* [Requirement]:
Give back every record exactly, with its pictures left out.

* [Raw data]:
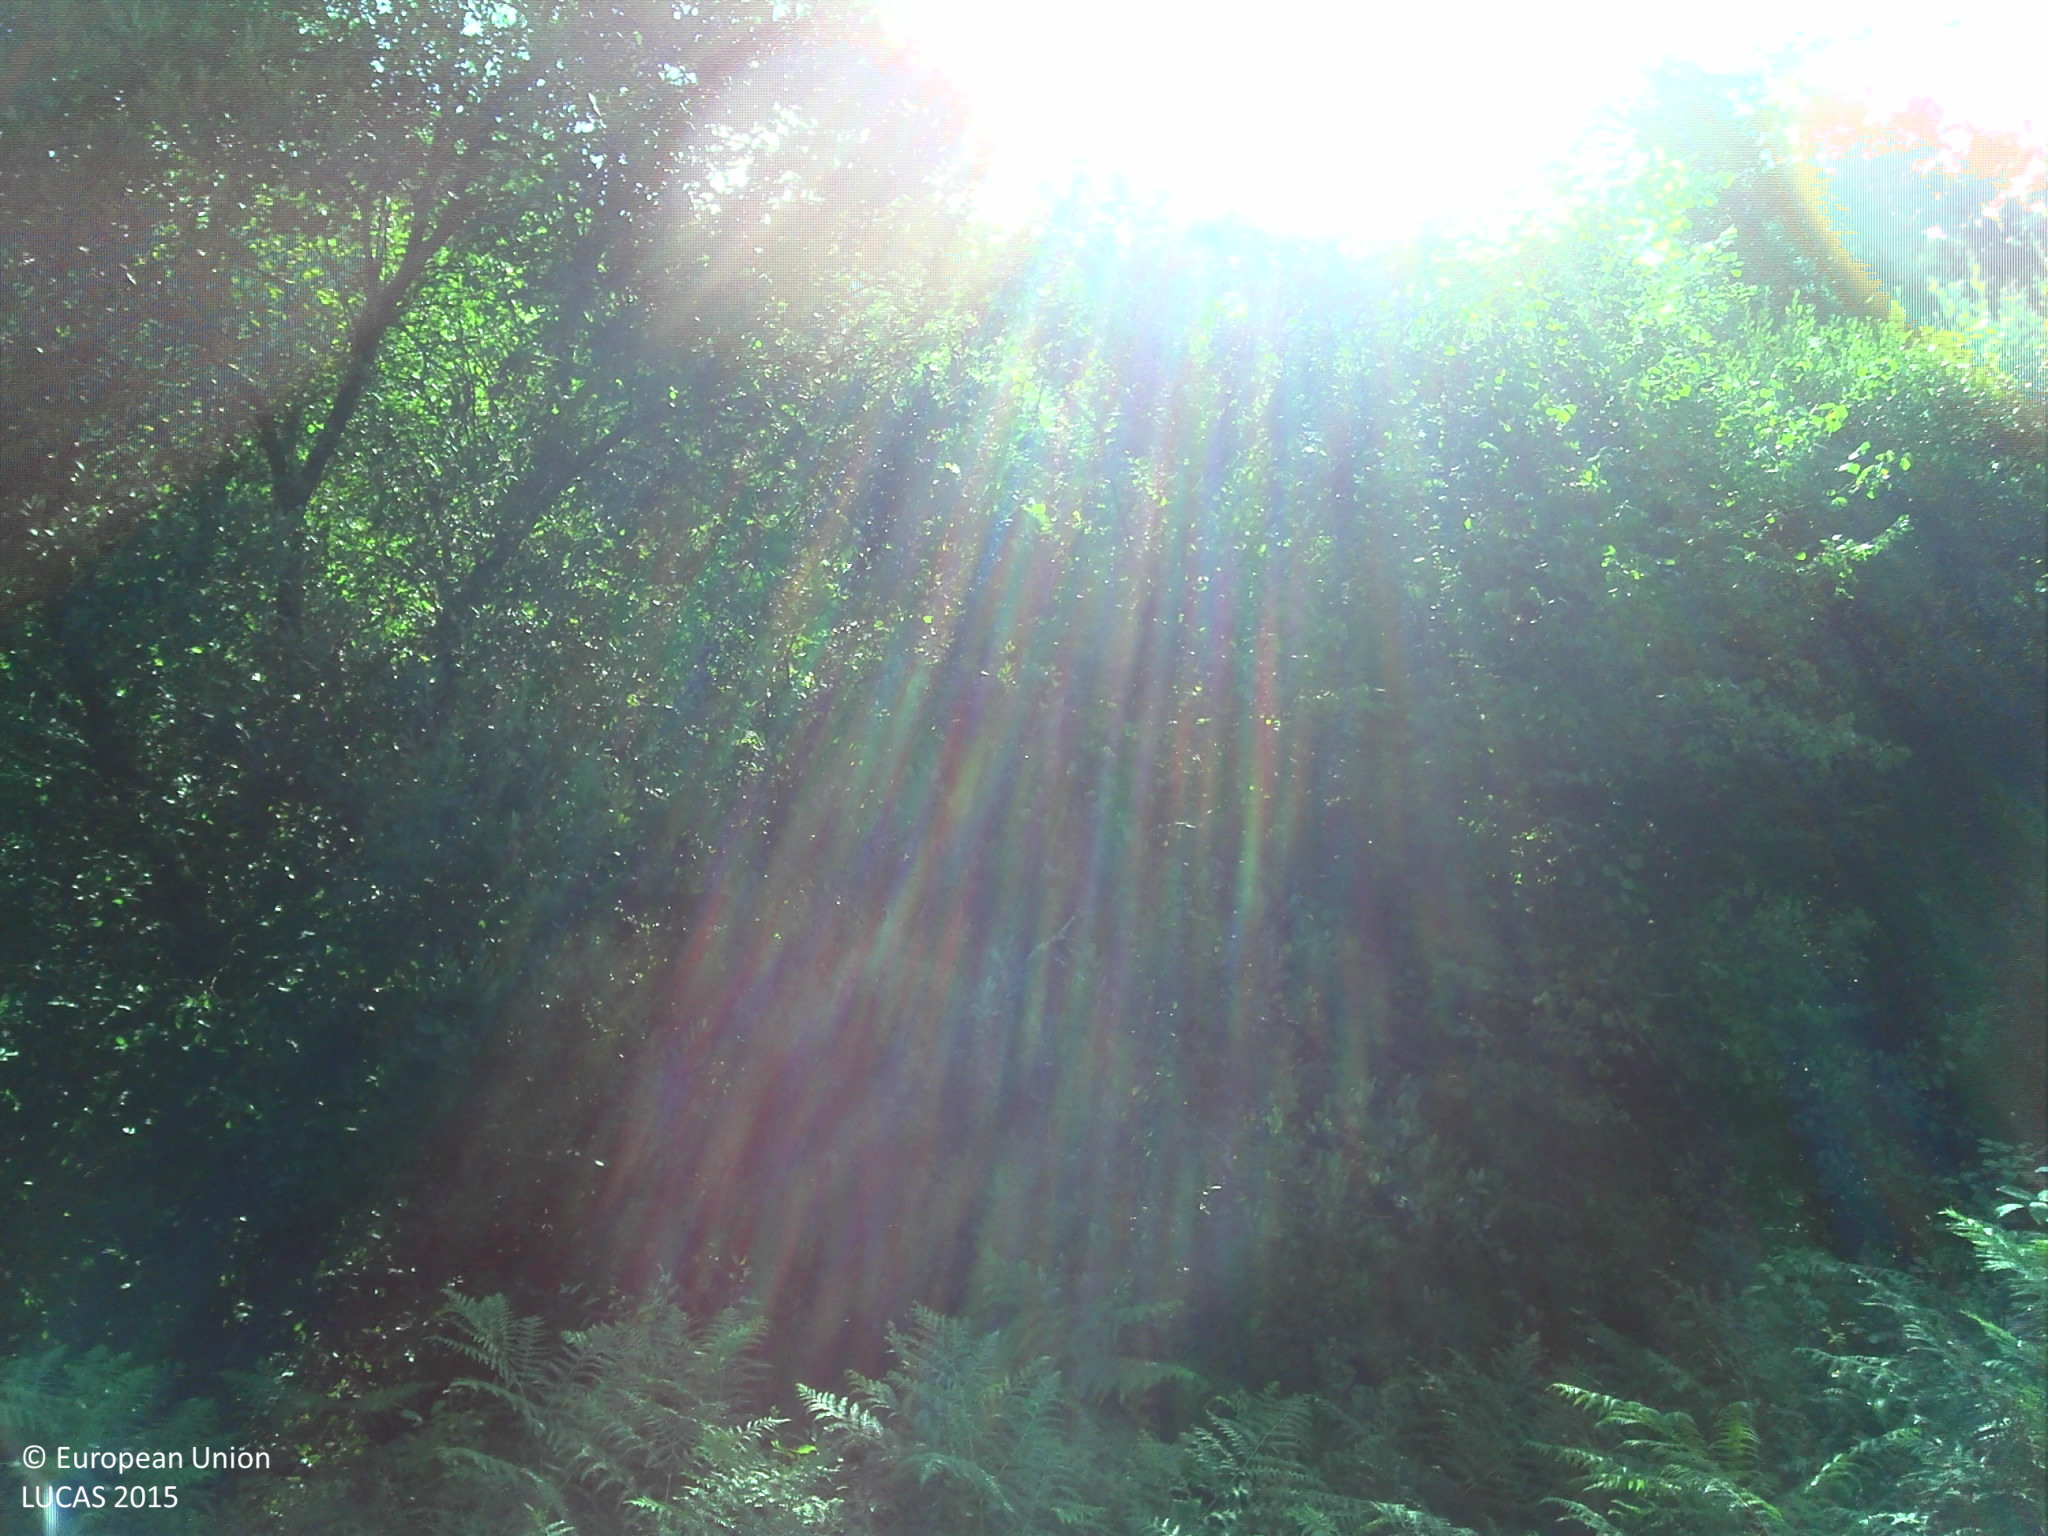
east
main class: Grassland
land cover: Spontaneously vegetated surfaces
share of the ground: > 75 %
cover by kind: herbaceous plants 95 %, shrubs 5 %
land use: Forestry
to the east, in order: Spontaneously vegetated surfaces; Broadleaved woodland; Rivers and streams; Broadleaved woodland
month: August
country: FR
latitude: 43.4717
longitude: -1.1778

* [Response to this exercise]:
east
main class: Grassland
land cover: Spontaneously vegetated surfaces
share of the ground: > 75 %
cover by kind: herbaceous plants 95 %, shrubs 5 %
land use: Forestry
to the east, in order: Spontaneously vegetated surfaces; Broadleaved woodland; Rivers and streams; Broadleaved woodland
month: August
country: FR
latitude: 43.4717
longitude: -1.1778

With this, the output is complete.